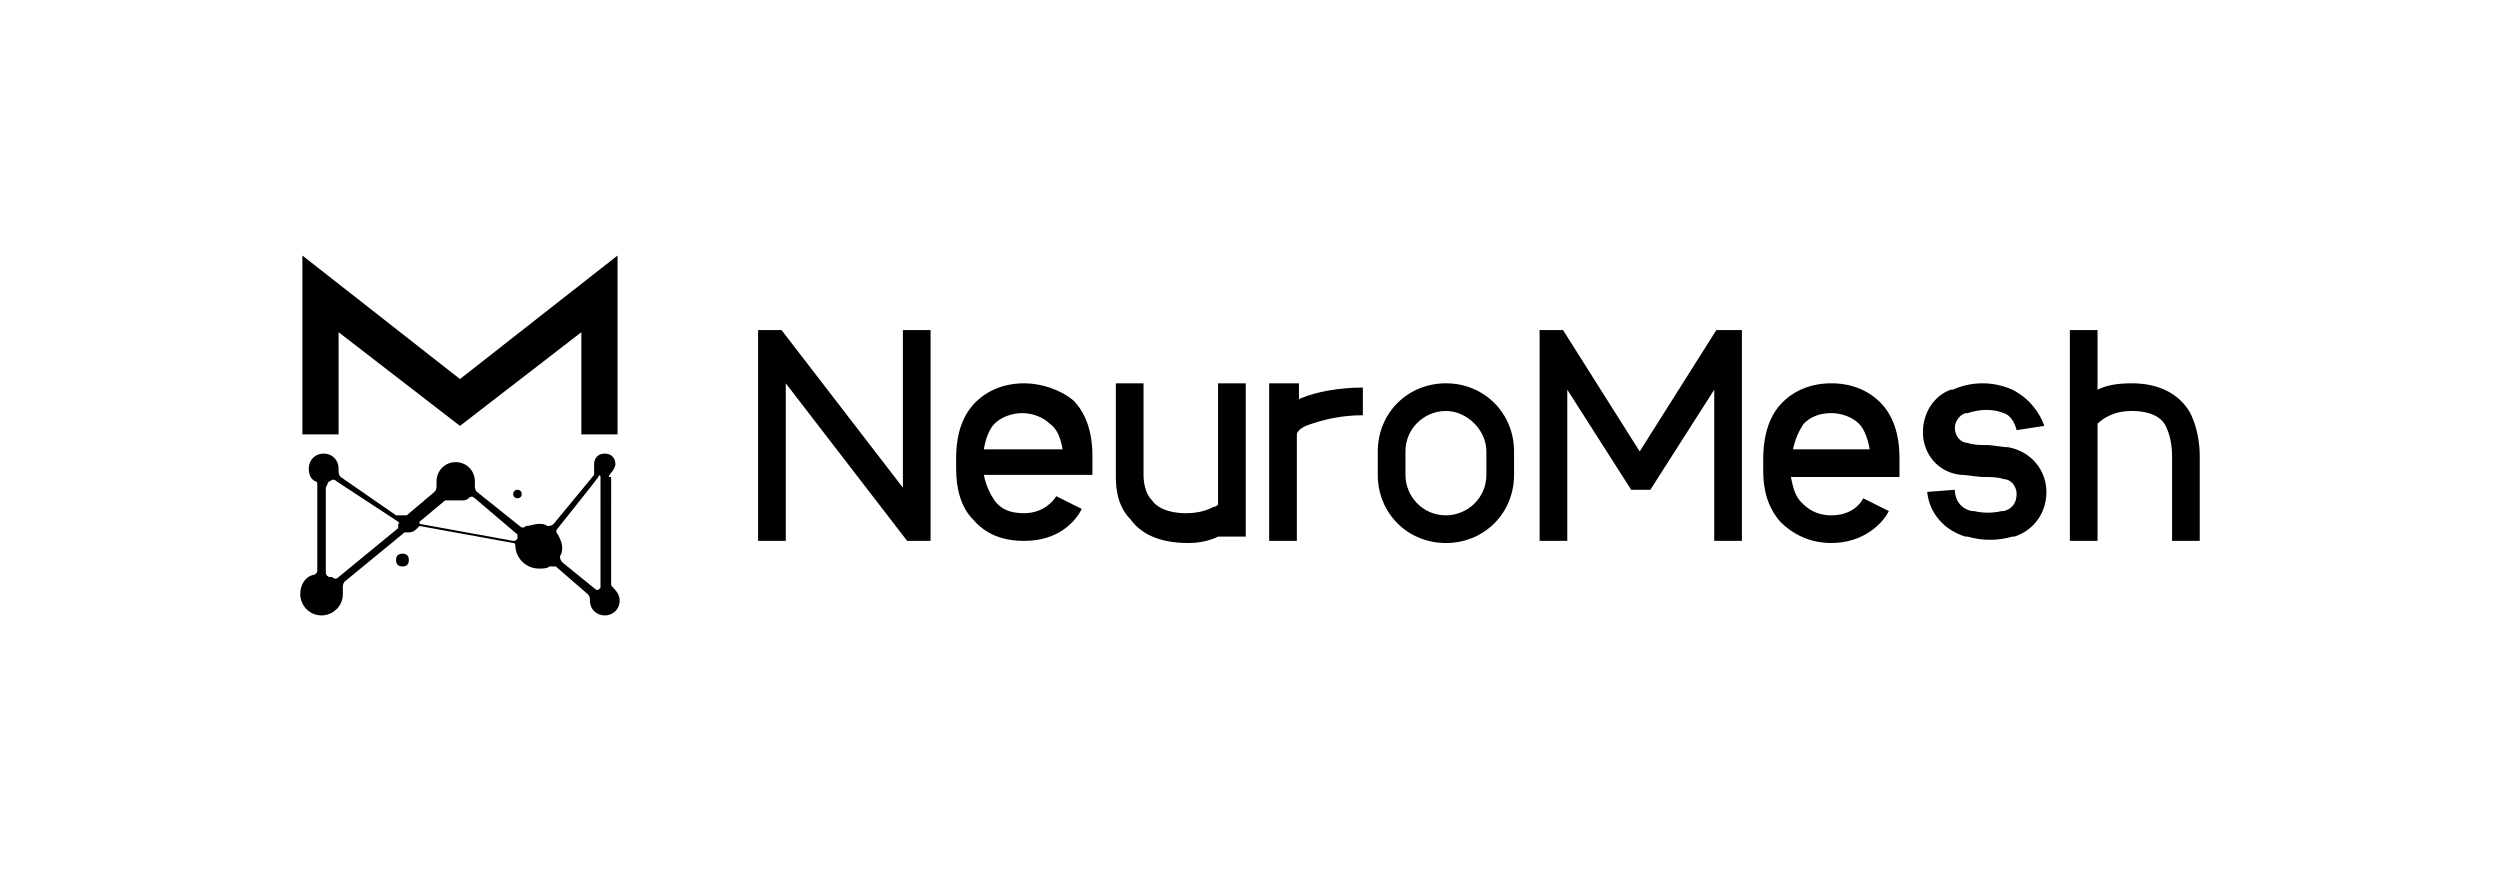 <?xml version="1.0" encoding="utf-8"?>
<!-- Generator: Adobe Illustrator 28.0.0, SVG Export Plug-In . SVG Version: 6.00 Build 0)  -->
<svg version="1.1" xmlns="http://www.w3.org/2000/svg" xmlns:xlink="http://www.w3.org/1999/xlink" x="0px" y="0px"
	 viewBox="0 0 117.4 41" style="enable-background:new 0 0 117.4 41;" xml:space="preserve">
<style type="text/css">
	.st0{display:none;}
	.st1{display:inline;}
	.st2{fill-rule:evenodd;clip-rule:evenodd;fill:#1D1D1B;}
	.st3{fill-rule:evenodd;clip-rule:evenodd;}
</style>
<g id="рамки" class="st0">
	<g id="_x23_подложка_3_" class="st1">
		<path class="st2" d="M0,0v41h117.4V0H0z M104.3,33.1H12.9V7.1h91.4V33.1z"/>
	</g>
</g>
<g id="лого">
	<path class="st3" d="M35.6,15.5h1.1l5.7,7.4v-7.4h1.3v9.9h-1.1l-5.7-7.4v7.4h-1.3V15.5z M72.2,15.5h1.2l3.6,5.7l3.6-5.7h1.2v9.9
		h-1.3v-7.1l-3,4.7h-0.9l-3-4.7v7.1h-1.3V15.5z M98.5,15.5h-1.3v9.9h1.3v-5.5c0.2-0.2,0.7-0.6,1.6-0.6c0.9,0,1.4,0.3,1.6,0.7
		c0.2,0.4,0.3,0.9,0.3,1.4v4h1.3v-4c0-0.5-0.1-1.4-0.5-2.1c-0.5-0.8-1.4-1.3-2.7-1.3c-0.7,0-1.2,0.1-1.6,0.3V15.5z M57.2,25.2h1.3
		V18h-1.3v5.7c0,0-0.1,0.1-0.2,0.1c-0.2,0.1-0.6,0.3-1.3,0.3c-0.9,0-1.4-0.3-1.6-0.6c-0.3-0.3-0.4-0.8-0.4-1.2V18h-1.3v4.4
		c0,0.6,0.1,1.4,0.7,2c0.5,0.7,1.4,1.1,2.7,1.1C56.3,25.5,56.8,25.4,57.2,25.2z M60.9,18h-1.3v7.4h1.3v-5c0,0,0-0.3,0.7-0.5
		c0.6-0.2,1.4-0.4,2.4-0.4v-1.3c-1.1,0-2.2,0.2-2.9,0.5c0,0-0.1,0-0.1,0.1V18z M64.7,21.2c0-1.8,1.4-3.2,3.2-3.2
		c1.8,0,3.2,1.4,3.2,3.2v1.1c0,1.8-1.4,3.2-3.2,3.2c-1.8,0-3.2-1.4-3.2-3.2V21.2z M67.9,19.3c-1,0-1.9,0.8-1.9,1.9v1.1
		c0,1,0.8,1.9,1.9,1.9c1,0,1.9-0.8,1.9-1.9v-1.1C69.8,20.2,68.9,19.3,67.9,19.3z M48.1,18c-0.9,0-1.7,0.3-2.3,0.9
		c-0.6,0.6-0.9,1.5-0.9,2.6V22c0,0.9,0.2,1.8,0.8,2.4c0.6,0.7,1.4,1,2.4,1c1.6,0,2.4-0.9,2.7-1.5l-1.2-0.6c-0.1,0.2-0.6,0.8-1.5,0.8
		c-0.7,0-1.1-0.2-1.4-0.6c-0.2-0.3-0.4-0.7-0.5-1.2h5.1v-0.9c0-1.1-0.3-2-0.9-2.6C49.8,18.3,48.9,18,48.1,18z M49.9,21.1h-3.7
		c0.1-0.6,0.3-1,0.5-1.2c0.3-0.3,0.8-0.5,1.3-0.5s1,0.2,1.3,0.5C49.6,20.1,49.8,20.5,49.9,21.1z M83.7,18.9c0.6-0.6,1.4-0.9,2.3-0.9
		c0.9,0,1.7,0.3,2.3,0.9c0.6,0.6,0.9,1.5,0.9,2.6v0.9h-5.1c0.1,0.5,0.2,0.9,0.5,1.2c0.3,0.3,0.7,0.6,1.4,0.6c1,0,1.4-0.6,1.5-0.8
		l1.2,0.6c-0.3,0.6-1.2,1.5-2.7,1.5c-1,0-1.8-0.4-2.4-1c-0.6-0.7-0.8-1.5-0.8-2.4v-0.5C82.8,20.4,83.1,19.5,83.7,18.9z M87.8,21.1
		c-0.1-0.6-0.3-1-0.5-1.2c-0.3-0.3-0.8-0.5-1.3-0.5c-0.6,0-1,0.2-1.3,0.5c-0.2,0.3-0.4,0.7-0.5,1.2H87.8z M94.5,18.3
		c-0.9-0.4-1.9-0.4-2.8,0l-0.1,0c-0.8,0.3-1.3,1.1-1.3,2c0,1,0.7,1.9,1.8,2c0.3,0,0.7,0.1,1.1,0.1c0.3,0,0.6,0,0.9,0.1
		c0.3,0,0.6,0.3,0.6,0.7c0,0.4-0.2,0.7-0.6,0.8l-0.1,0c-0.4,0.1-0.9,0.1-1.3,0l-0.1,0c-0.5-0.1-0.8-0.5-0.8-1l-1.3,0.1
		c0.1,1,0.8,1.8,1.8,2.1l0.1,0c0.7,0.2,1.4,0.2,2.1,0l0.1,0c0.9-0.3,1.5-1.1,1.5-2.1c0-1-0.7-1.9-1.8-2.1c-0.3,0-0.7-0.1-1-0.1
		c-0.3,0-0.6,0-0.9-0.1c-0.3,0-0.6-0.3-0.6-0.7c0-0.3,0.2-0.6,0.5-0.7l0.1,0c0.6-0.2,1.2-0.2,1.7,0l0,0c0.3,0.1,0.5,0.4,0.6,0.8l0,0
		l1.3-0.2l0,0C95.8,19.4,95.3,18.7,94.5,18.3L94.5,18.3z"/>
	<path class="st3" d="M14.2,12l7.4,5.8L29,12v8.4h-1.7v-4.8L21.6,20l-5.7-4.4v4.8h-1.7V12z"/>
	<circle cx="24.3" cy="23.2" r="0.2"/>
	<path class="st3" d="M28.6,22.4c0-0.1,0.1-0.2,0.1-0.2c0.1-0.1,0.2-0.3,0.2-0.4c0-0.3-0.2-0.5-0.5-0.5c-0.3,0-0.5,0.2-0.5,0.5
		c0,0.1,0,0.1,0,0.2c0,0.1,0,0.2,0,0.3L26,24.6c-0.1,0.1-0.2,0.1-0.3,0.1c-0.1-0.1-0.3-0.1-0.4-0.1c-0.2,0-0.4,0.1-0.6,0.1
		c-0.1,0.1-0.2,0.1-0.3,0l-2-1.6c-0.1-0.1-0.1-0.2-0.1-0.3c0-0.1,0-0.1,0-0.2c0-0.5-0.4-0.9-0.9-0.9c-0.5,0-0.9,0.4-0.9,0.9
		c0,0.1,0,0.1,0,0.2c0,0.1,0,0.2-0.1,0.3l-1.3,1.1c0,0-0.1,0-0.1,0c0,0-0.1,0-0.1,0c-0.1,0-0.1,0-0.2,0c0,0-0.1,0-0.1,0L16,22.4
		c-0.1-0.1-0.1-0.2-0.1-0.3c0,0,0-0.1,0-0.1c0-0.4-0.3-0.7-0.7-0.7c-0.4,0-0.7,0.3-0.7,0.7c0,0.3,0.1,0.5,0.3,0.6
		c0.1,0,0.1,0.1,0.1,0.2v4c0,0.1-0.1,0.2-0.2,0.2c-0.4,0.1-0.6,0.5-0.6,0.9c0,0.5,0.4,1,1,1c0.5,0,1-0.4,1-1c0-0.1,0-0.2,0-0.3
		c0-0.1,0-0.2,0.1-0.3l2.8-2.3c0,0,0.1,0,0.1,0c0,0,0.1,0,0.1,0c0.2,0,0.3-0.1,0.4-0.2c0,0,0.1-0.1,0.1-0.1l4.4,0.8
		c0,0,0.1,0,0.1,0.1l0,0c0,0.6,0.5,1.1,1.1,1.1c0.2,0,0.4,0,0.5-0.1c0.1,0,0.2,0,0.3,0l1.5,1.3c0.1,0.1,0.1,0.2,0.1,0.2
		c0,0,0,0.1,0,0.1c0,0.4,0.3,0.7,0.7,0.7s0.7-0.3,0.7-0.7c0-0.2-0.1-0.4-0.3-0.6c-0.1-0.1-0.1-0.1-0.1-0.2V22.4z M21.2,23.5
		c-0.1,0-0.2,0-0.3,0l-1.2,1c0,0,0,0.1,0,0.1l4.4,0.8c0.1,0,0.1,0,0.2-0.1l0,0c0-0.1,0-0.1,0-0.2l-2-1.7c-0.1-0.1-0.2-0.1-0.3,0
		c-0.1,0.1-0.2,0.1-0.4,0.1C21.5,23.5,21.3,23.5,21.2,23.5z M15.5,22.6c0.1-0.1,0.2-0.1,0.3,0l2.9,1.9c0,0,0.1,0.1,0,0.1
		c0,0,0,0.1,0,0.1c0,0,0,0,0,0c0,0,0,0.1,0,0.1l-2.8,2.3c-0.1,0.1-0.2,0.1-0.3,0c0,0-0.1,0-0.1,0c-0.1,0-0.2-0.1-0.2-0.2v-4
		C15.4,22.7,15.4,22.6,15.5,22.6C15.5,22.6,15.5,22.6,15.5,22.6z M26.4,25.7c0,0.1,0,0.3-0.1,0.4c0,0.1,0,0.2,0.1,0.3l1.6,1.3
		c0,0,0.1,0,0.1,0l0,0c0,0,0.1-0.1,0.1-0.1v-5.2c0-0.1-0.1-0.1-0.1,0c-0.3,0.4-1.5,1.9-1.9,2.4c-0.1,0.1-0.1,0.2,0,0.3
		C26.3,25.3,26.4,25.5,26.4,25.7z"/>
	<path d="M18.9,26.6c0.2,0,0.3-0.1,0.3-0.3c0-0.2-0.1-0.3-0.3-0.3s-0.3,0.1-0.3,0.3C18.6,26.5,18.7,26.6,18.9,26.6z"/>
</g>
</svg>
══════════════════════════════
> [WHAT THE TASK REQUIRES] Using the data above, count the lines where "clip" appears. Reply with the number only.

> [RESPONSE] 2